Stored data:
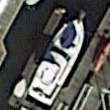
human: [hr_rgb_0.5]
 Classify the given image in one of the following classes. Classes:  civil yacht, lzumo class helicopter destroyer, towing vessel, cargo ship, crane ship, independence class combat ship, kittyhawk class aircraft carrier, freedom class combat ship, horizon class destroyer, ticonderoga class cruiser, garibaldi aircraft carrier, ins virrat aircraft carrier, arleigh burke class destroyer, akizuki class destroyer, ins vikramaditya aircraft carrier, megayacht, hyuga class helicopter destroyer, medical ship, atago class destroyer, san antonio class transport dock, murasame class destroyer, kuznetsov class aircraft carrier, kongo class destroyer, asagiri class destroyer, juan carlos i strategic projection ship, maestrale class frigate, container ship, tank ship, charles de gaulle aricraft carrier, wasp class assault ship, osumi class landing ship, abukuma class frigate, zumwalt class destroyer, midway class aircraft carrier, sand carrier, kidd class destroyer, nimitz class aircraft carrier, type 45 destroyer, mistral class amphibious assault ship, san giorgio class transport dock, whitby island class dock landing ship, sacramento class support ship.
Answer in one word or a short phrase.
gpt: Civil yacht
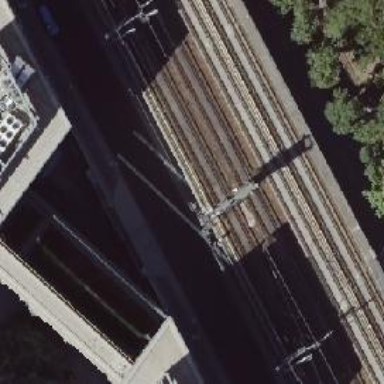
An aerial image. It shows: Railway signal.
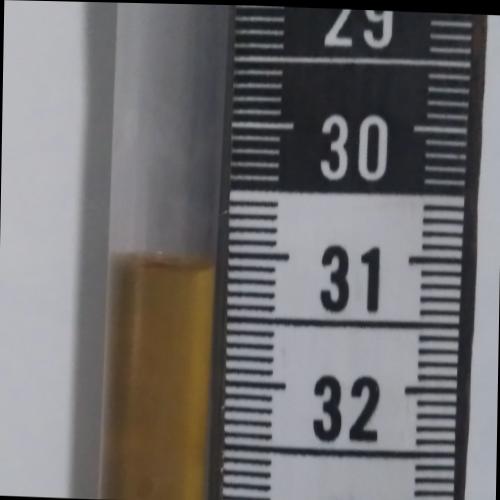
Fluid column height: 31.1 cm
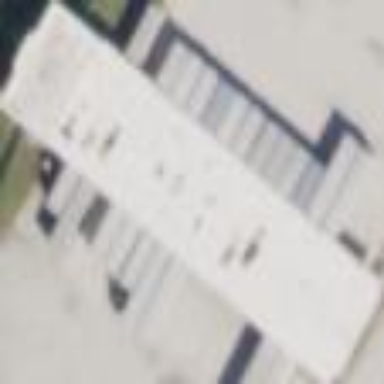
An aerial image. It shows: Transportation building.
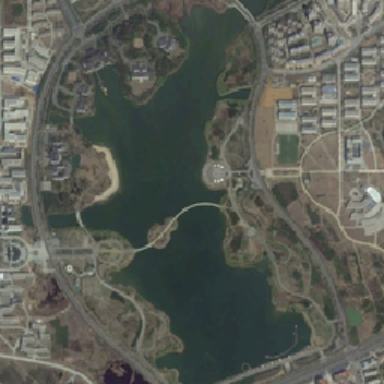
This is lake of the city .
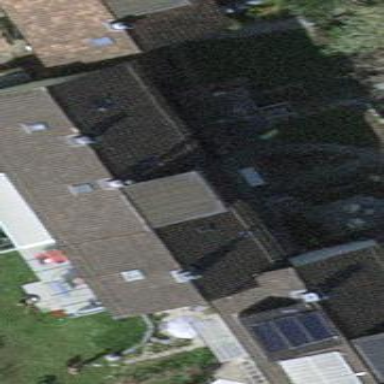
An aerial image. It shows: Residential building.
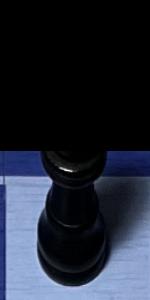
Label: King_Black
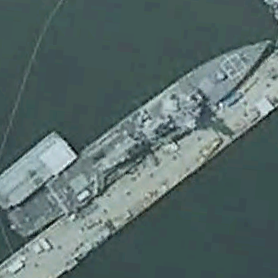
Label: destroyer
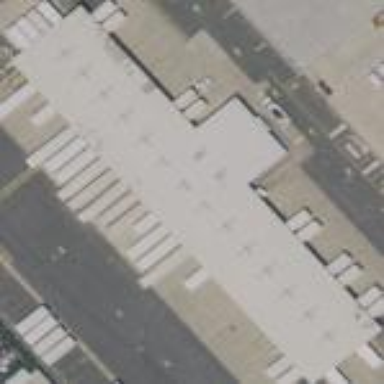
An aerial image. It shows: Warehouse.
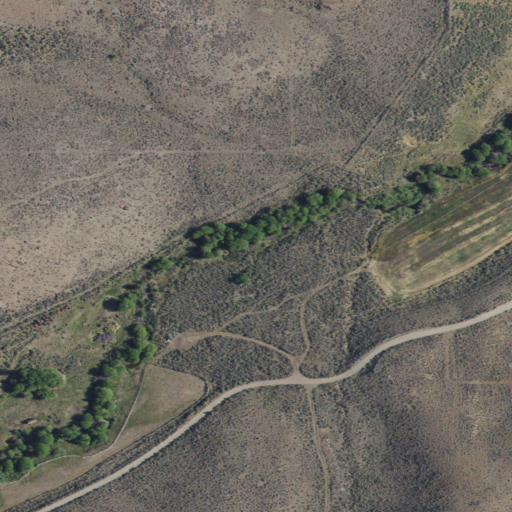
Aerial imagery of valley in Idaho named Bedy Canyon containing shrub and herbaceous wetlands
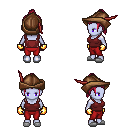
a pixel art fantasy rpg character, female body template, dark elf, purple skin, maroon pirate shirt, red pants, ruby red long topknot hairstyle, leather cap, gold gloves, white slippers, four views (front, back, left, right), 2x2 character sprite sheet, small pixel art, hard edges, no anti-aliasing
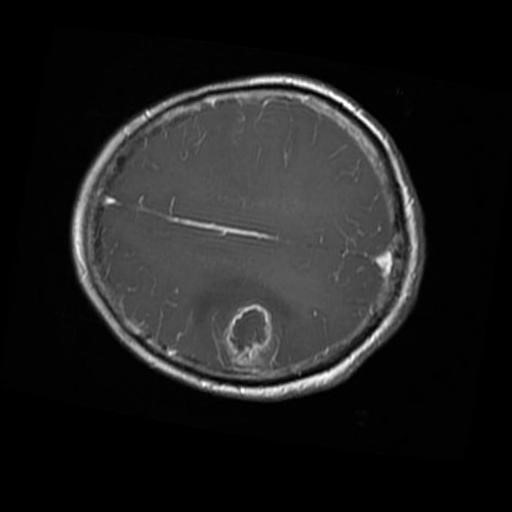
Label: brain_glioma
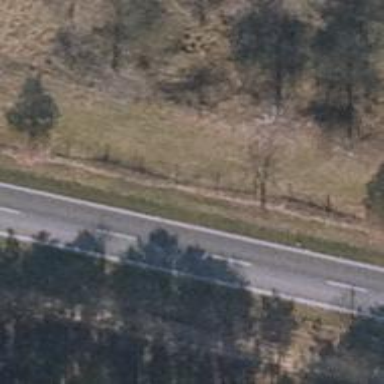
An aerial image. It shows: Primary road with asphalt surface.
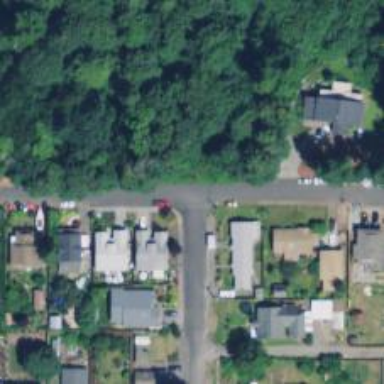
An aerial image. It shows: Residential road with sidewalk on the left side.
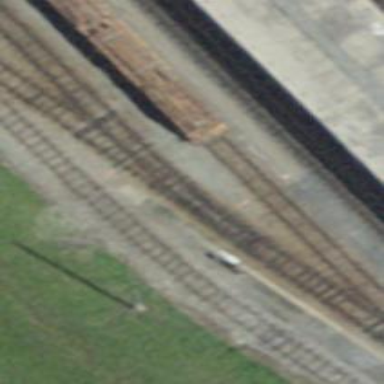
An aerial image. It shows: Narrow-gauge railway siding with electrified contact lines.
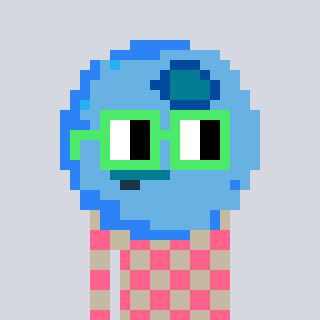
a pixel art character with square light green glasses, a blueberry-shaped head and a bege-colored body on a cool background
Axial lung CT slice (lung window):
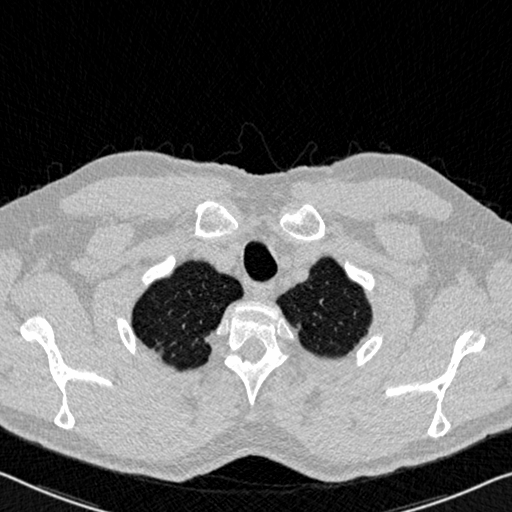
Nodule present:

Exercise:
Copy out all the data exactly. The images should not appear in the copy.

Expected answer:
human: [hr_rgb_0.5]
 Classify the given image in one of the following classes. Classes:  civil yacht, lzumo class helicopter destroyer, towing vessel, cargo ship, crane ship, independence class combat ship, kittyhawk class aircraft carrier, freedom class combat ship, horizon class destroyer, ticonderoga class cruiser, garibaldi aircraft carrier, ins virrat aircraft carrier, arleigh burke class destroyer, akizuki class destroyer, ins vikramaditya aircraft carrier, megayacht, hyuga class helicopter destroyer, medical ship, atago class destroyer, san antonio class transport dock, murasame class destroyer, kuznetsov class aircraft carrier, kongo class destroyer, asagiri class destroyer, juan carlos i strategic projection ship, maestrale class frigate, container ship, tank ship, charles de gaulle aricraft carrier, wasp class assault ship, osumi class landing ship, abukuma class frigate, zumwalt class destroyer, midway class aircraft carrier, sand carrier, kidd class destroyer, nimitz class aircraft carrier, type 45 destroyer, mistral class amphibious assault ship, san giorgio class transport dock, whitby island class dock landing ship, sacramento class support ship.
Answer in one word or a short phrase.
gpt: Civil yacht
An aerial image. It shows: Railway signal.
Fluid column height: 31.1 cm
An aerial image. It shows: Transportation building.
This is lake of the city .
An aerial image. It shows: Residential building.
Label: King_Black
Label: destroyer
An aerial image. It shows: Warehouse.
Aerial imagery of valley in Idaho named Bedy Canyon containing shrub and herbaceous wetlands
a pixel art fantasy rpg character, female body template, dark elf, purple skin, maroon pirate shirt, red pants, ruby red long topknot hairstyle, leather cap, gold gloves, white slippers, four views (front, back, left, right), 2x2 character sprite sheet, small pixel art, hard edges, no anti-aliasing
Label: brain_glioma
An aerial image. It shows: Primary road with asphalt surface.
An aerial image. It shows: Residential road with sidewalk on the left side.
An aerial image. It shows: Narrow-gauge railway siding with electrified contact lines.
a pixel art character with square light green glasses, a blueberry-shaped head and a bege-colored body on a cool background
Axial lung CT slice (lung window):
Nodule present:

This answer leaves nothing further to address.